TK: C’est jamais vraiment pareil. C’est plutôt mystérieux, je sais rarement comment on en arrive à compléter un morceau. Bien qu’il y ait à chaque fois une part conceptuelle, l’écriture reste toujours très intuitive pour nous.

– Vous vous êtes assurés une sérieuse place dans le paysage expérimental montréalais et jouez régulièrement en ville et ailleurs: Votre meilleur souvenir de gig VS le pire?

TK: Des meilleurs gigs, il y en a des tonnes. Une de mes meilleures expériences reste encore les concerts qu’on a donnés pendant l’inondation de Calgary en 2013. Le festival pour lequel nous devions jouer avait été annulé à cause de l’ampleur de la catastrophe. Nous nous sommes retrouvés à jouer dans des maisons de quartiers évacués pour un public en grande partie sinistré. Il y avait une urgence dans l’air, les gens étaient comme transportés par l’énergie du désespoir. Ça peut paraitre très dark, mais il y avait quelque chose de beau dans la volonté du public de garder le moral. Les maisons de la plupart d’entre eux étaient complètement submergées et ils étaient là, à faire la fête avec nous. C’était très touchant.
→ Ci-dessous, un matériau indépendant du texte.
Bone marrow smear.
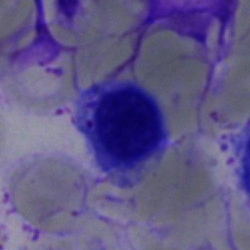 Morphology → normoblast.
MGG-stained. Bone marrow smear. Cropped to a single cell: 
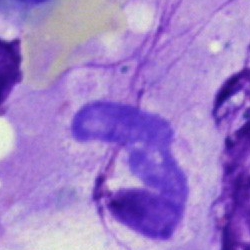
Cell type = polymorphonuclear neutrophil.
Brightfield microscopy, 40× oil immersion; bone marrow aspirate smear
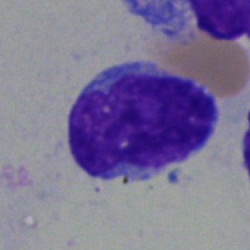Specimen: bone marrow aspirate smear.
Cell: blast cell.
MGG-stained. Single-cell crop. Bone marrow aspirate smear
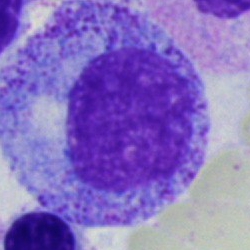Impression → progranulocyte.
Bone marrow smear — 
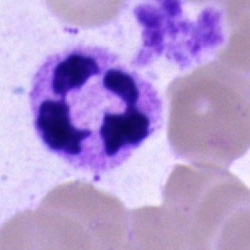

Classification = neutrophil (segmented).
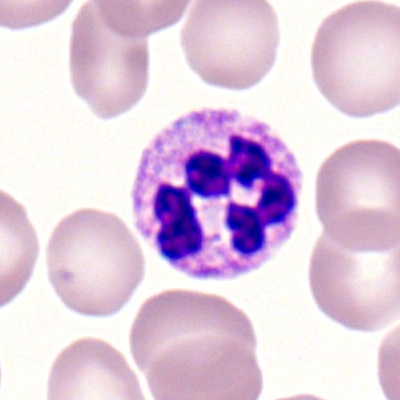

A neutrophil (segmented).
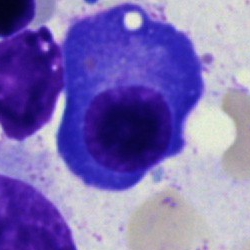

Showing a plasmacyte.
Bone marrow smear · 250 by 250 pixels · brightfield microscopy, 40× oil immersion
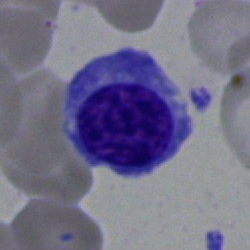
The cell is erythroblast.
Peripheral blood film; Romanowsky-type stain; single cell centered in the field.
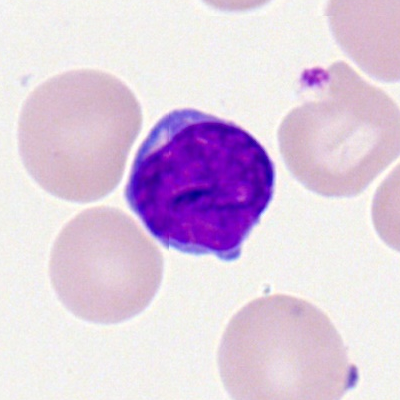

The cell shown is a lymphocyte.
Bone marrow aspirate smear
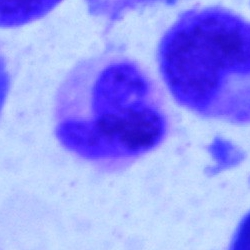

Specimen: bone marrow smear.
Cell: neutrophil (segmented).
Lineage: myeloid.
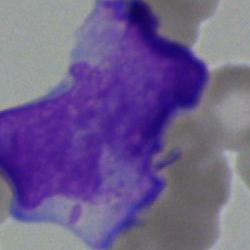 Bone marrow smear showing a blast cell.
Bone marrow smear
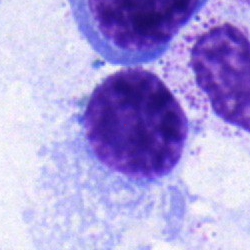 Morphology consistent with a lymphocyte.

Parfois, les pires gigs se transforment en meilleurs gigs. Je me suis fait voler un instrument quelques minutes avant de monter sur scène au Divan, une fois. Un instrument essentiel à notre performance. Ça nous a poussé à improviser la moitié du set. Le public savait ce qui s’était passé et nous portait par son énergie. Ça a donné quelque chose d’assez intense.
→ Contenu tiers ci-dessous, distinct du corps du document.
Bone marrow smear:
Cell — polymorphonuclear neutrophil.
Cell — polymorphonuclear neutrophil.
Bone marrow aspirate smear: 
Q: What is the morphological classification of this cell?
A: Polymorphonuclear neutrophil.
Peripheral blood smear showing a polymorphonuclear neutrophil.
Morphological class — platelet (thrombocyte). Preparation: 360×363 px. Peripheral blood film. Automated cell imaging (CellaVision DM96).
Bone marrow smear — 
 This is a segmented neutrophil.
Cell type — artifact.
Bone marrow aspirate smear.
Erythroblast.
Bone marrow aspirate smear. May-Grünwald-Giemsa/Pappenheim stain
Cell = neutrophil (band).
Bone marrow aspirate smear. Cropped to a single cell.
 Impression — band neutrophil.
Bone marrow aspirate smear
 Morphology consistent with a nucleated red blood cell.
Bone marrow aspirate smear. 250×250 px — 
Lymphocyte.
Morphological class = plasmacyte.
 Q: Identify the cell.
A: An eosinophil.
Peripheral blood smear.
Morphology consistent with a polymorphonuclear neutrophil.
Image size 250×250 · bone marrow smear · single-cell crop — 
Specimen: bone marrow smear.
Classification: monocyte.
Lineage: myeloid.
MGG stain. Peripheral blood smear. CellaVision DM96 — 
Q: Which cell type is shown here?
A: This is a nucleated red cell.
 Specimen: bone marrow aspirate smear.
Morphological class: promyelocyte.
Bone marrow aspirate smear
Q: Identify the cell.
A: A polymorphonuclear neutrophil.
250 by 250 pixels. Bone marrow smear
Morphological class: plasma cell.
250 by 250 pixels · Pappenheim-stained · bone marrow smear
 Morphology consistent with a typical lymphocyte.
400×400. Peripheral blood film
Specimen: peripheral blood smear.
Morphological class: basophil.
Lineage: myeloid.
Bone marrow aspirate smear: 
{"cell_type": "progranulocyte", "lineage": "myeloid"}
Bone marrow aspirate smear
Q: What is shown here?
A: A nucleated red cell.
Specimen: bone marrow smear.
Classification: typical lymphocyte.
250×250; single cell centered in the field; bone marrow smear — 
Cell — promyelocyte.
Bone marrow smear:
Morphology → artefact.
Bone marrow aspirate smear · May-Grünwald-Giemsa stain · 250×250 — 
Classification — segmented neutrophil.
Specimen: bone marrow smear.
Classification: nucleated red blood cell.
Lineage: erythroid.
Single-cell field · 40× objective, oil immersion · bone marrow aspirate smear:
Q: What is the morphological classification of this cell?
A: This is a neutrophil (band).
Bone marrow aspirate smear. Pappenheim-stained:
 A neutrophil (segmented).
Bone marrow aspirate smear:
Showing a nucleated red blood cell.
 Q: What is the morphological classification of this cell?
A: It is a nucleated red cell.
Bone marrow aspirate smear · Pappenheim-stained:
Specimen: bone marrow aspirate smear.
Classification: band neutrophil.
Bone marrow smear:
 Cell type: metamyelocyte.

– J’ai lu que pour votre nouvel album, Bend Everything, vous aviez “découpé les chansons de votre album précédent pour en faire les matériaux de base”… C’est quoi l’idée derrière ça? Vous étiez déjà dans ce genre de démarche artistique pour Something Stranger Coming on the Horizon? Est-ce qu’on doit prendre ce nouvel album comme une suite, ou une relecture du premier? Quel est leur lien conceptuel s’il y en a un?
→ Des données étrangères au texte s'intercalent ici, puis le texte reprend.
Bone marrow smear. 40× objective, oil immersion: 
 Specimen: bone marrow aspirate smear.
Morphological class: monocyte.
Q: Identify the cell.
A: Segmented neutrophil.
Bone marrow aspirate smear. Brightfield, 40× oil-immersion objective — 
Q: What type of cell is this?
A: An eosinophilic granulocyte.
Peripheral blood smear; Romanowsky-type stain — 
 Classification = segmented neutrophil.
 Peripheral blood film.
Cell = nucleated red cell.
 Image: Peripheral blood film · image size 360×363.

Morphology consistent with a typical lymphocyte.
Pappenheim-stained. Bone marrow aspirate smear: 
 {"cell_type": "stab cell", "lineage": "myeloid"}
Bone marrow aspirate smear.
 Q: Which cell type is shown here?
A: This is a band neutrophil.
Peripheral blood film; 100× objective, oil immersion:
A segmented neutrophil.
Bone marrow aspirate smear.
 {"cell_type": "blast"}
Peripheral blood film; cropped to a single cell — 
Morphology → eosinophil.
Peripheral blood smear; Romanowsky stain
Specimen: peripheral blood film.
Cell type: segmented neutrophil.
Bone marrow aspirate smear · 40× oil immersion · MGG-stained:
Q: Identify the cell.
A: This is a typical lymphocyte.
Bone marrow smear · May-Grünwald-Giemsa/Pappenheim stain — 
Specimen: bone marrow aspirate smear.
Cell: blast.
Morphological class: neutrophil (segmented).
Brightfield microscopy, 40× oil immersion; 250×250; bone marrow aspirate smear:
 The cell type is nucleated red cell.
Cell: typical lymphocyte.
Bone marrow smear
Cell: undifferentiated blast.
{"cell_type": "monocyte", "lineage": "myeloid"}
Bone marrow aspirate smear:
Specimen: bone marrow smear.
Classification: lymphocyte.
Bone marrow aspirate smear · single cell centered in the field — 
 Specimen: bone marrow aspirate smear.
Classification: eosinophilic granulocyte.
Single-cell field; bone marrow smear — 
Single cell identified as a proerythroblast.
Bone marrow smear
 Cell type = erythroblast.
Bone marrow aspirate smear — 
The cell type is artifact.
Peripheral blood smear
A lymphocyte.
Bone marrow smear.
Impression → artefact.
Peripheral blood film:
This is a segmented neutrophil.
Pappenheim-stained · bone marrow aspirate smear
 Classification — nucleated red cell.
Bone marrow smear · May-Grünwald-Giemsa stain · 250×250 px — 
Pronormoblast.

TK: En fait, on cherchait à poursuivre la démarche entamée sur notre album précédent. Nous y avions construit les morceaux en échantillonnant la publicité télévisuelle chérie de notre enfance. C’était une façon d’exposer un mal insidieux qui s’était inscrit au plus profond de nous. Sur le nouvel album on échantillonne notre album précédent. Symboliquement c’est une façon d’exposer ce mal pour pouvoir l’exorciser, exposer nos faiblesses pour se les ré-approprier. Il y a aussi quelque chose sur la répétition là-dedans, comme un mantra que l’on répète pour en épuiser le sens. C’est un album plus sévère, mais qui a une visée plus optimiste en bout de ligne et qui explore le potentiel de toute choses à la transformation. Ce désir de transformation était déjà présent sur notre album précédent, mais nous le dirigions seulement vers l’extérieur. Cette fois-ci nous le dirigeons vers nous-mêmes.

– Depuis quand fais-tu de la musique? Comment as-tu eue la piqûre?

TK: Je fais de la musique depuis l’adolescence. J’ai eu le virus en regardant mon père jouer de la guitare avec des amis. Je fais de la musique plus sérieusement depuis une dizaine d’années.

– Quels sont les artistes qui t’ont donné le goût de faire de la musique?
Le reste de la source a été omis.